Only the lines below between the ones containing "share of the ground: 10 - 25 %" and "longitude: 16.8893", inclusive, are to be reproduced, each exactly as it stands.

- [Supplied data]:
=== Begin Enclosure ===

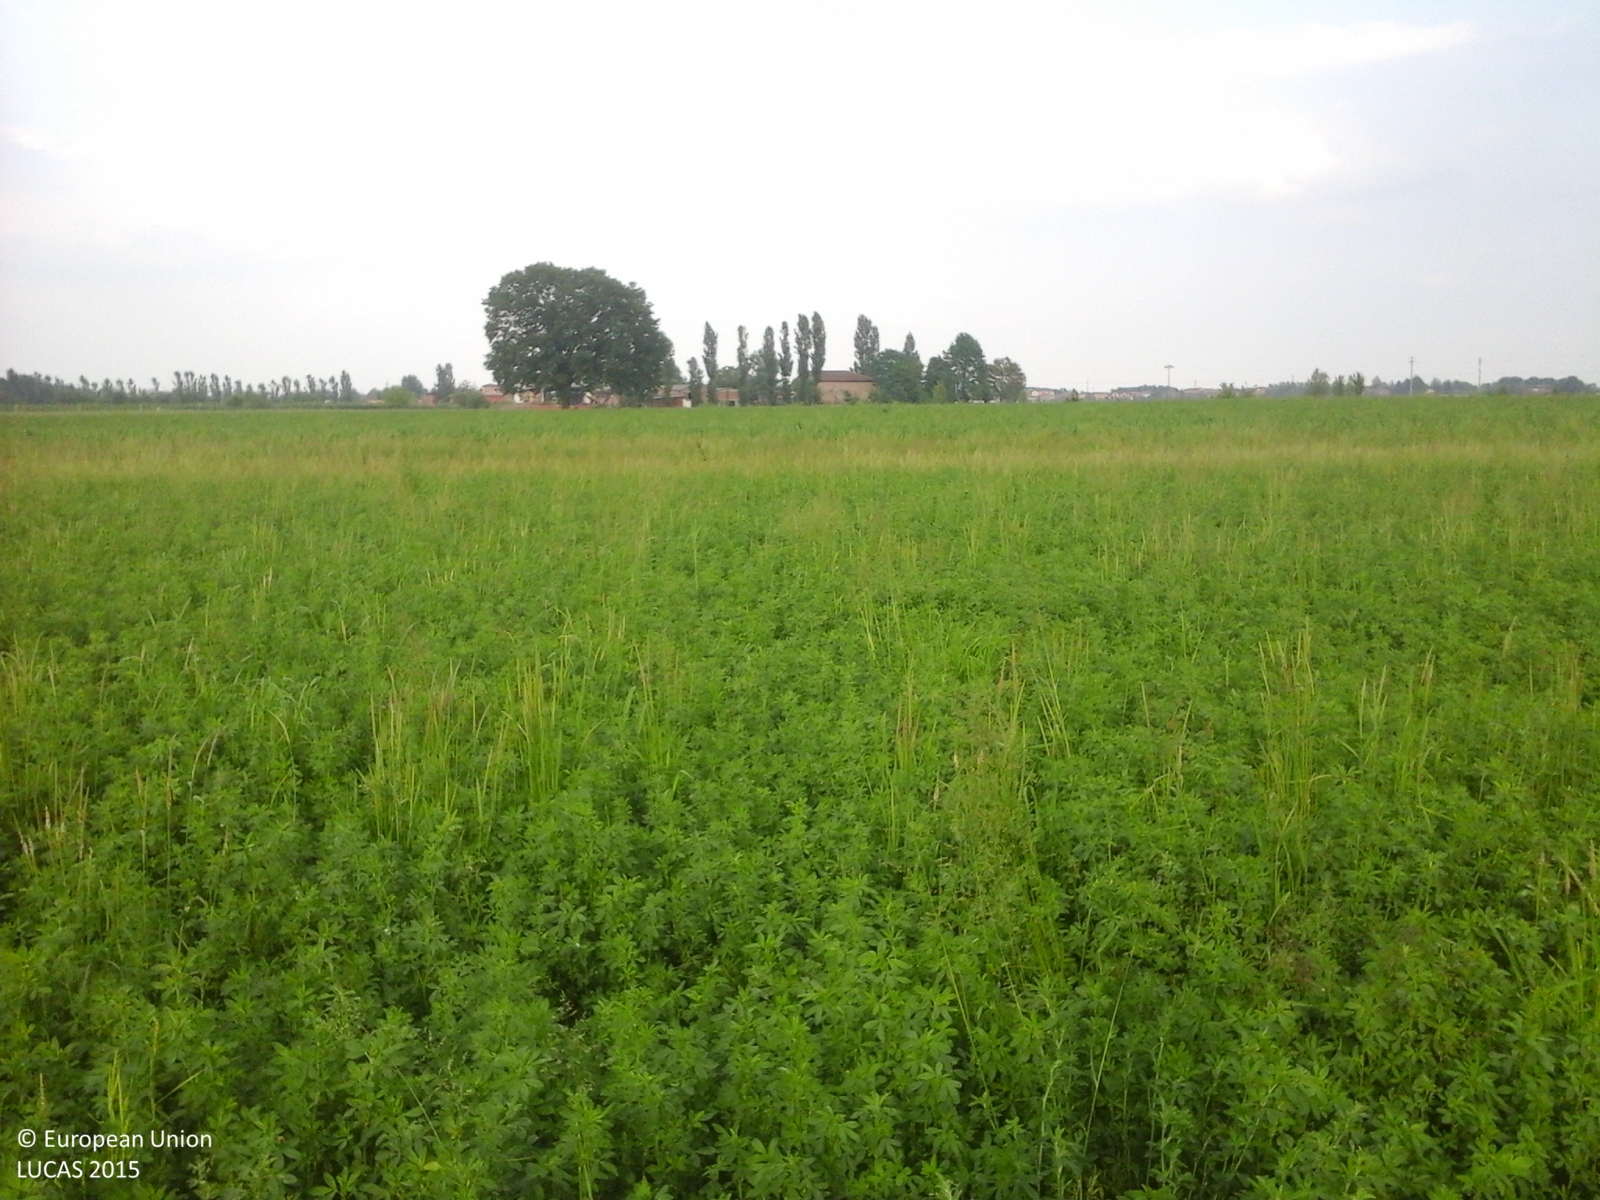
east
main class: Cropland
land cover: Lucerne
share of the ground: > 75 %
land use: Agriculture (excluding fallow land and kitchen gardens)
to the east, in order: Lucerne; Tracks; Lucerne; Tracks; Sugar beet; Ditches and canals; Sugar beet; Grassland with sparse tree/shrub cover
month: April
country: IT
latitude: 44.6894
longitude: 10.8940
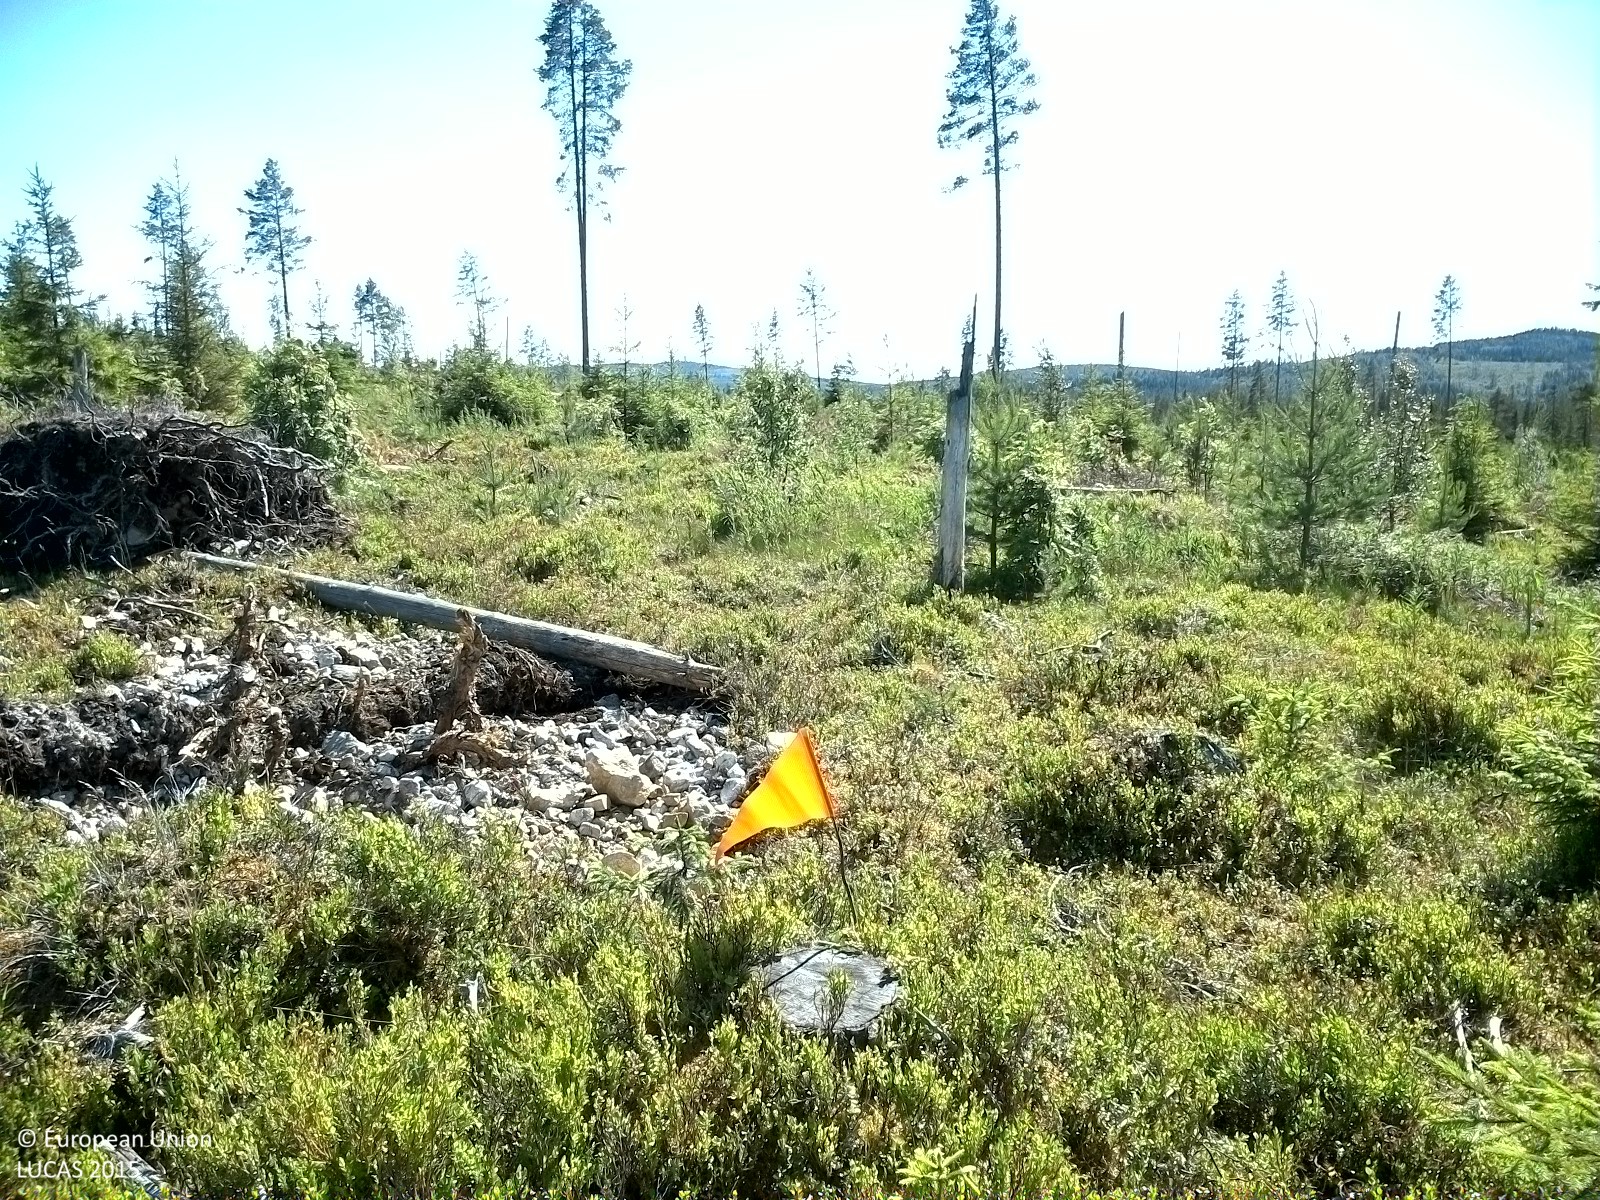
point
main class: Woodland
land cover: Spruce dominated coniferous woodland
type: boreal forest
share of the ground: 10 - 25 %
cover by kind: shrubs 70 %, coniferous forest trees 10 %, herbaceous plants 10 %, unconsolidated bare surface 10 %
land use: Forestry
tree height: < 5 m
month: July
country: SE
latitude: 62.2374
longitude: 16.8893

=== End Enclosure ===
=== Begin Enclosure ===

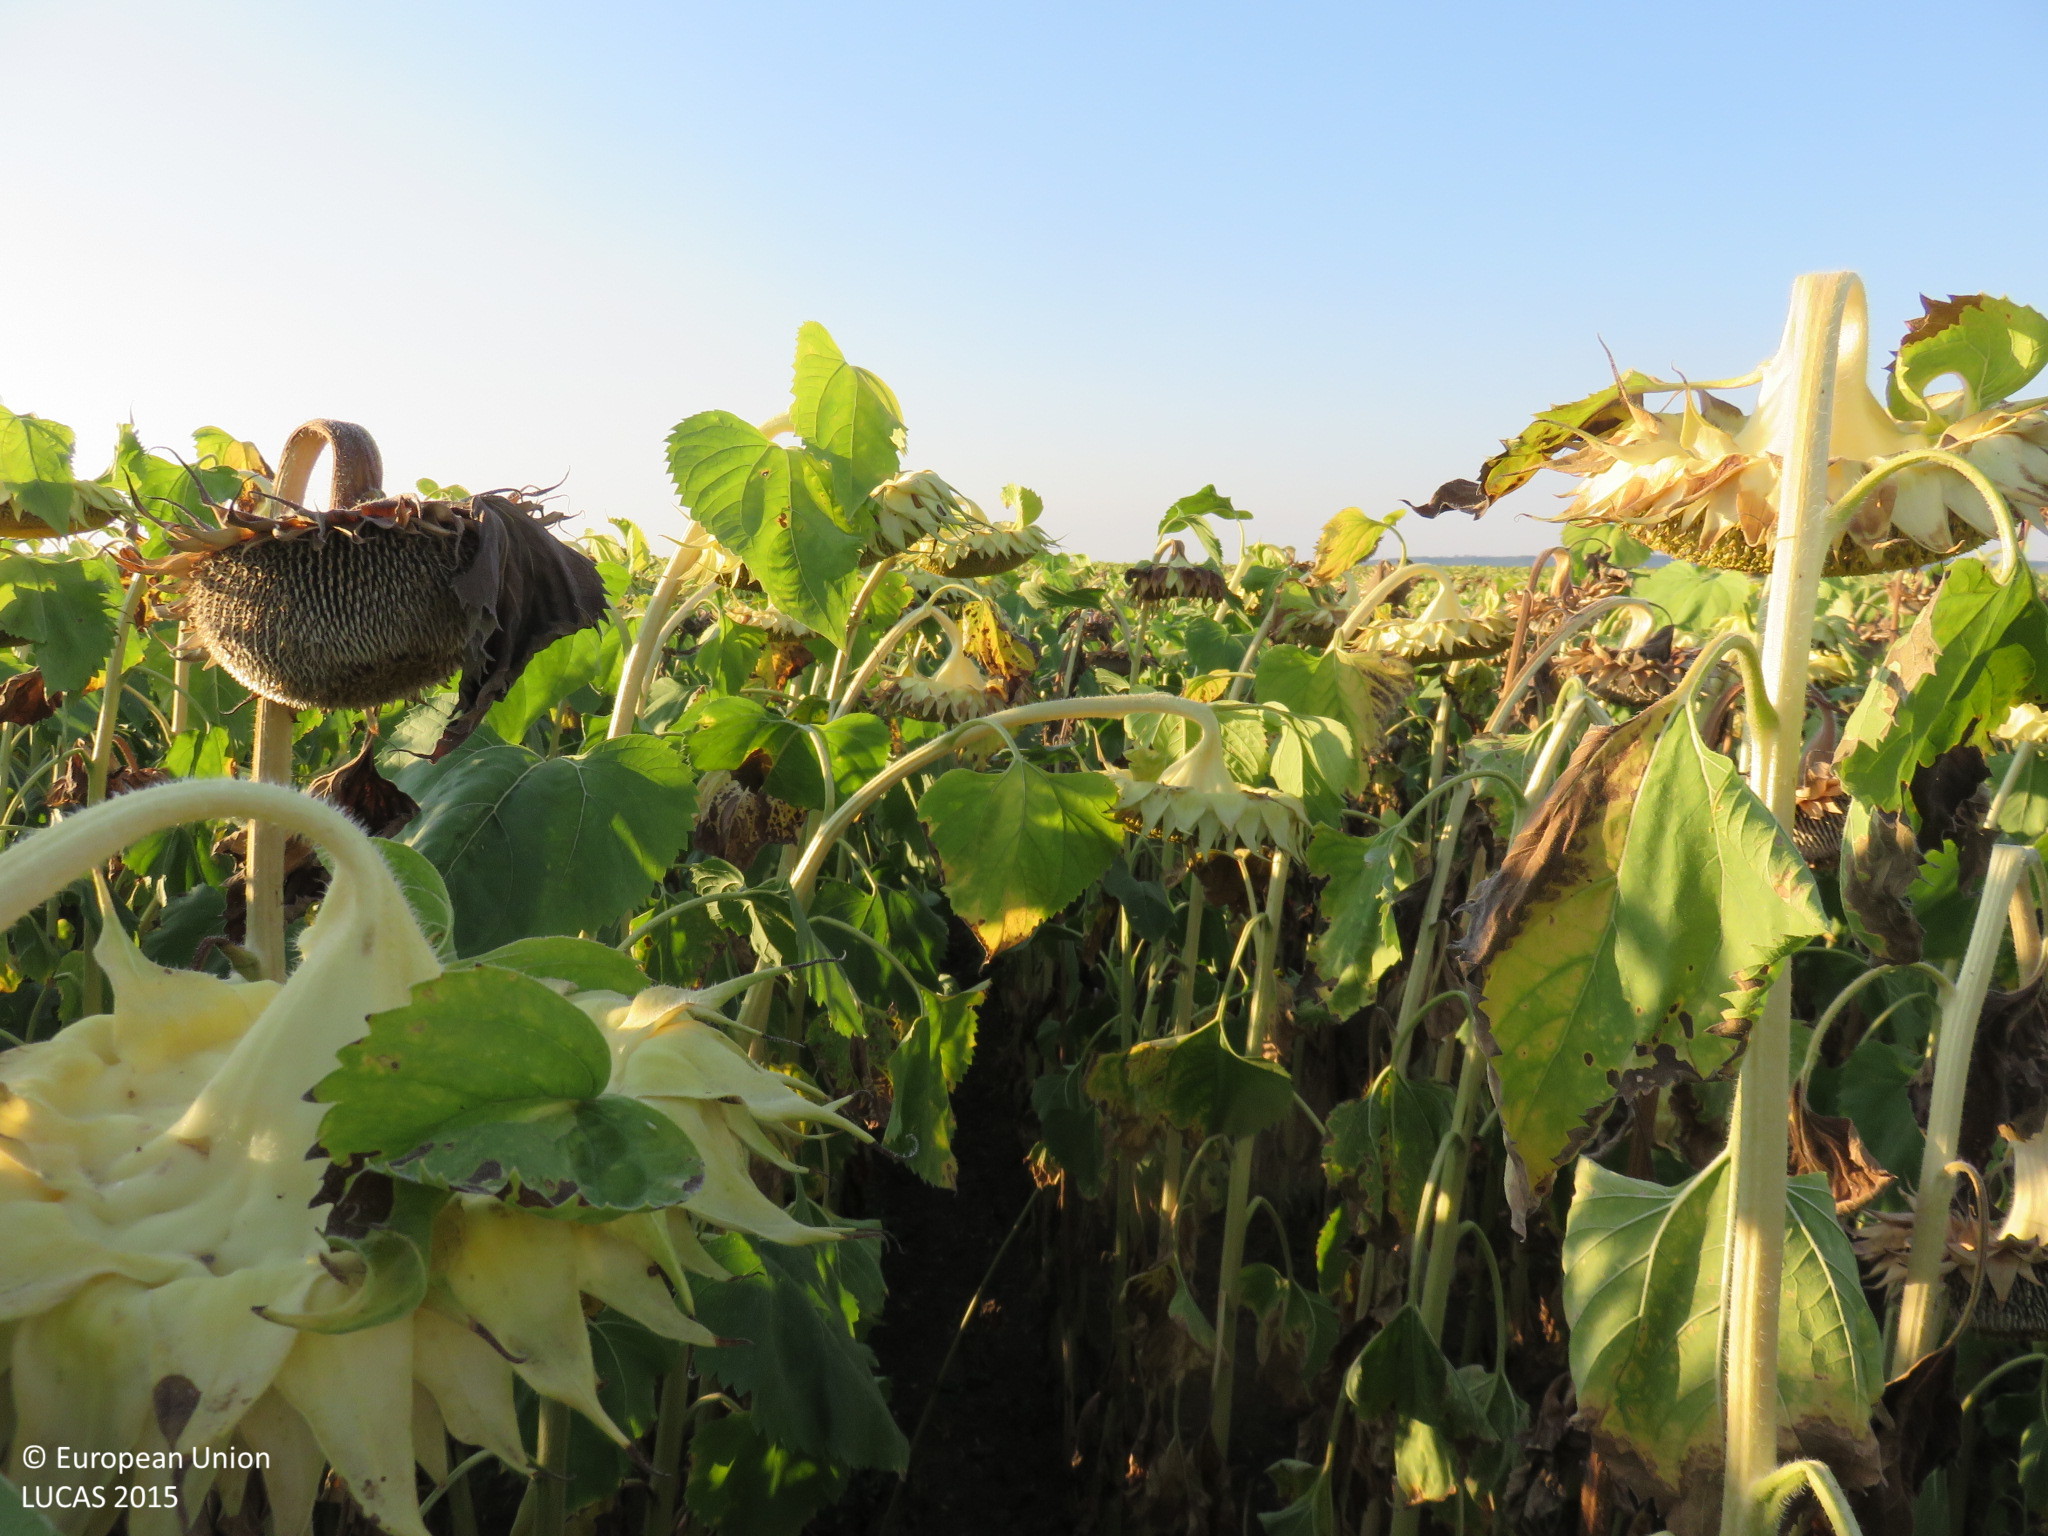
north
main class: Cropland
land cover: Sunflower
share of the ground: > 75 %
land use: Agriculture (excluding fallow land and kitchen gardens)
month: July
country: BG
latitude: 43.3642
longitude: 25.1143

=== End Enclosure ===

- [Task answer]:
share of the ground: 10 - 25 %
cover by kind: shrubs 70 %, coniferous forest trees 10 %, herbaceous plants 10 %, unconsolidated bare surface 10 %
land use: Forestry
tree height: < 5 m
month: July
country: SE
latitude: 62.2374
longitude: 16.8893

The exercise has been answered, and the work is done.